Work to be completed ▸
Some lines in the listing hold the word "radiation". Return each of them.
──────── Task input ────────
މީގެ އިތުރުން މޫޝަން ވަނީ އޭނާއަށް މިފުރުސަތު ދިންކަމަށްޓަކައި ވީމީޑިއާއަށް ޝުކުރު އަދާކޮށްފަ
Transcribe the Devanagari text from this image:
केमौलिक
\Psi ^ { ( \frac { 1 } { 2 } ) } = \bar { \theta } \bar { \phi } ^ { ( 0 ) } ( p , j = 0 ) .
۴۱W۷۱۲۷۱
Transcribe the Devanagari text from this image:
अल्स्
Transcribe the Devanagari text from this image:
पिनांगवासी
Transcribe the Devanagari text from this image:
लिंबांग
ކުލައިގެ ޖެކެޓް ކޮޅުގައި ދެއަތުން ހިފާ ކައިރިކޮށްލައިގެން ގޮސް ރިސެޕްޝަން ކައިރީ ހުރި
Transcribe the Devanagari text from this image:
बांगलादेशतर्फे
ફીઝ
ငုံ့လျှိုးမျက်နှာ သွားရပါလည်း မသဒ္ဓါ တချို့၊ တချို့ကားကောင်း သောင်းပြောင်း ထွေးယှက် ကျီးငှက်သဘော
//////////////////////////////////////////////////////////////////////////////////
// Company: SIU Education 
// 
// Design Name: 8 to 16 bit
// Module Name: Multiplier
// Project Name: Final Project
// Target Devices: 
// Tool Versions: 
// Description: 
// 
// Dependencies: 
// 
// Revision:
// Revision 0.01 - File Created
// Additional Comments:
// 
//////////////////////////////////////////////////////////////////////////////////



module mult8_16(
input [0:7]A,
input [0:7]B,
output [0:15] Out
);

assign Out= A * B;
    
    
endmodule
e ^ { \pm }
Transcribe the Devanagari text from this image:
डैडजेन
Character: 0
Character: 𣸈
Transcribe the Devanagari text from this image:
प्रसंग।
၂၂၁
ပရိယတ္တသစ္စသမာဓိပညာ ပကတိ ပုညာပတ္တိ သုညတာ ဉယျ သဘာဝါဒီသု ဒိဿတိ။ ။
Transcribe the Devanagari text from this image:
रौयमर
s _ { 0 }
────────
──────── Task input ────────
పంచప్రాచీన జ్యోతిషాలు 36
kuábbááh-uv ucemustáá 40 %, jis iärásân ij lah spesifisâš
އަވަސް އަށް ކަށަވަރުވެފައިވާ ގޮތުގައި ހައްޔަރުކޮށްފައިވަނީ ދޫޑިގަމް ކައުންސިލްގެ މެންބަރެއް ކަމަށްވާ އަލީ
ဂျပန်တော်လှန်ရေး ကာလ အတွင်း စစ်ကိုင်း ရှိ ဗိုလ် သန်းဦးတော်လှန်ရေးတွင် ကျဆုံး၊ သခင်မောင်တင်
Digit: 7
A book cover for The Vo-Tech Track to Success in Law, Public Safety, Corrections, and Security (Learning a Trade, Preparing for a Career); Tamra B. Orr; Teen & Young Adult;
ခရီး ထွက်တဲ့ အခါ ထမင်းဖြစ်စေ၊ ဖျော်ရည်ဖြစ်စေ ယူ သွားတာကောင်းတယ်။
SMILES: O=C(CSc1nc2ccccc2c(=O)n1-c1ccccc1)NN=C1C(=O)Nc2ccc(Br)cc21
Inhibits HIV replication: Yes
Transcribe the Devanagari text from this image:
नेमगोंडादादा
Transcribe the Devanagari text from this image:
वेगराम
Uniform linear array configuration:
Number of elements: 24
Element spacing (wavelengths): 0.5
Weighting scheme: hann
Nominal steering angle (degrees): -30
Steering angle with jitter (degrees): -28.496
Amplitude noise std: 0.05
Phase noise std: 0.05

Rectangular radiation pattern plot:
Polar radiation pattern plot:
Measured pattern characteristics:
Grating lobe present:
────────
──────── Task input ────────
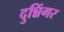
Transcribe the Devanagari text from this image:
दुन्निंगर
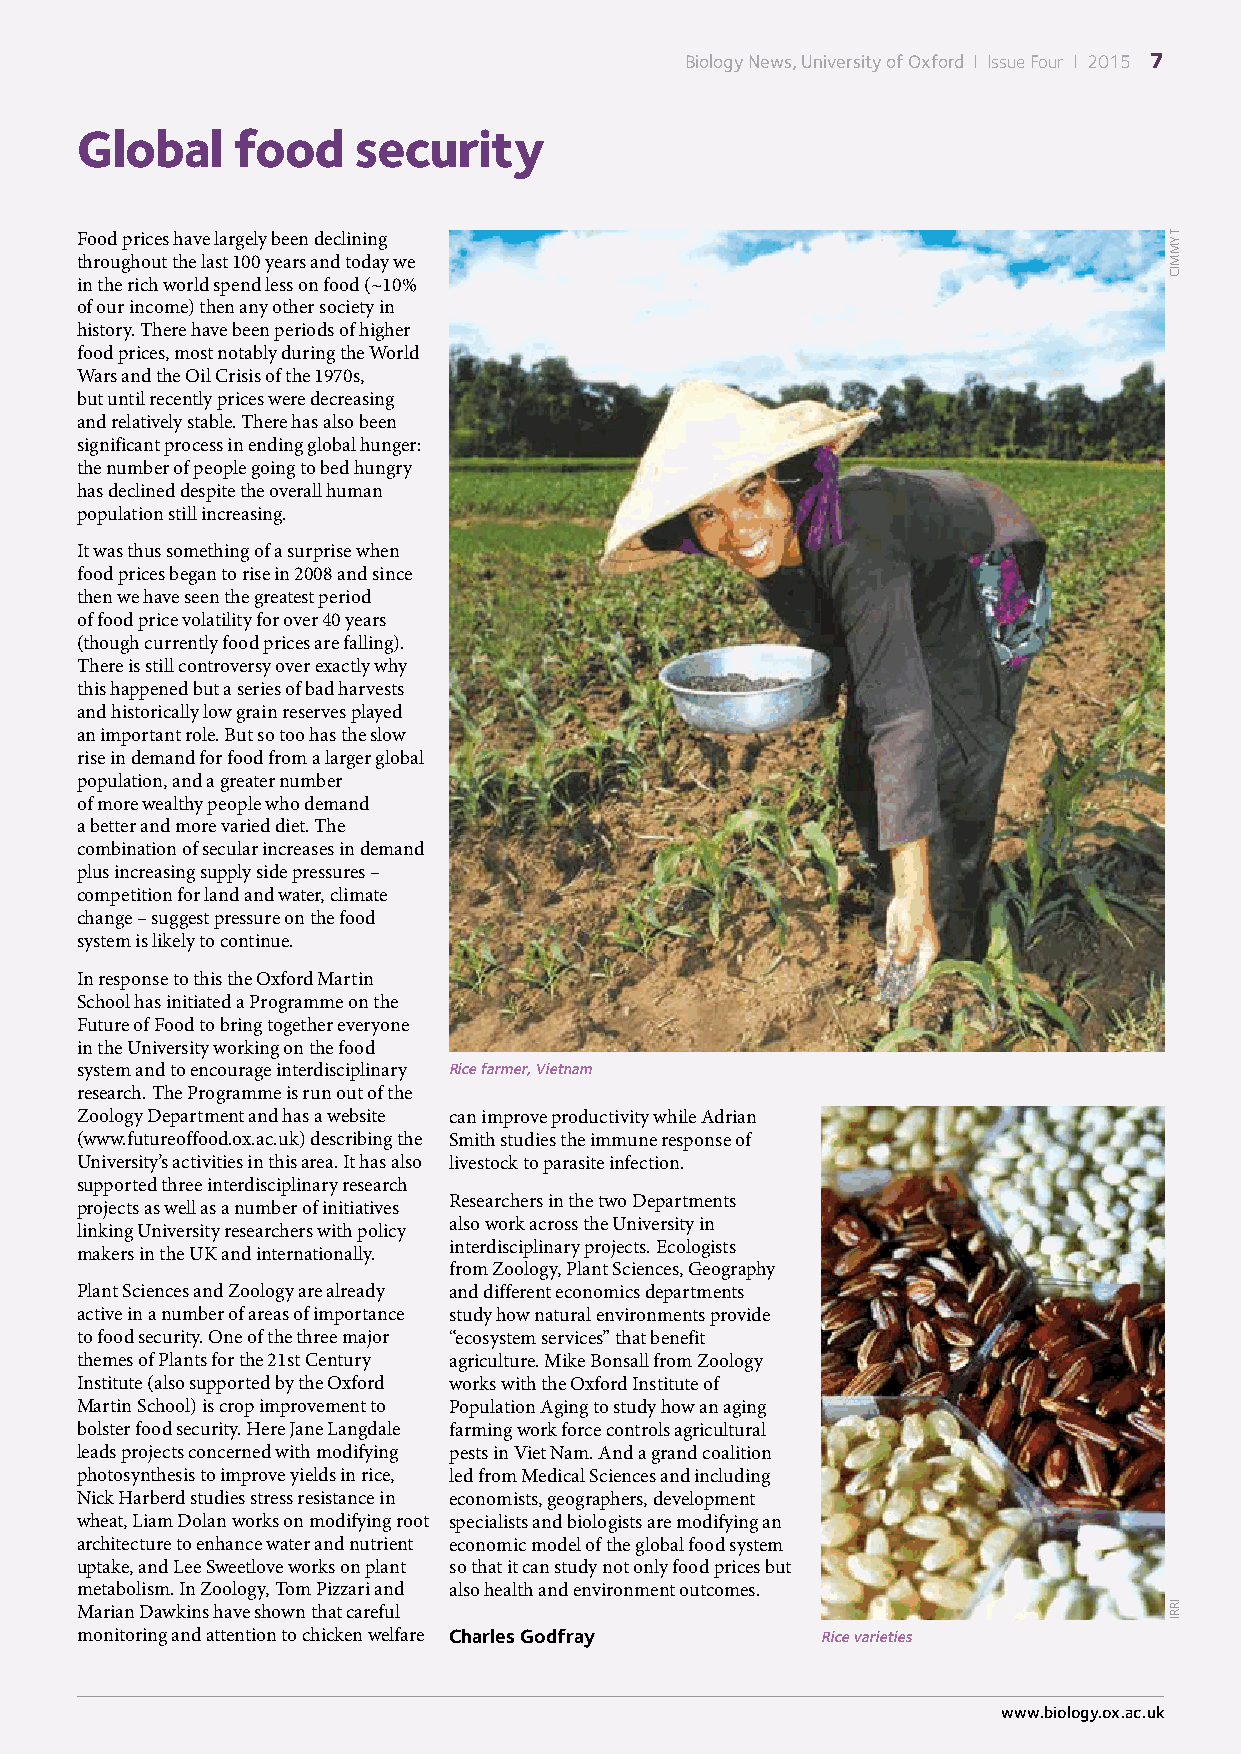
────────
Answer space ▸
Rectangular radiation pattern plot:
Polar radiation pattern plot:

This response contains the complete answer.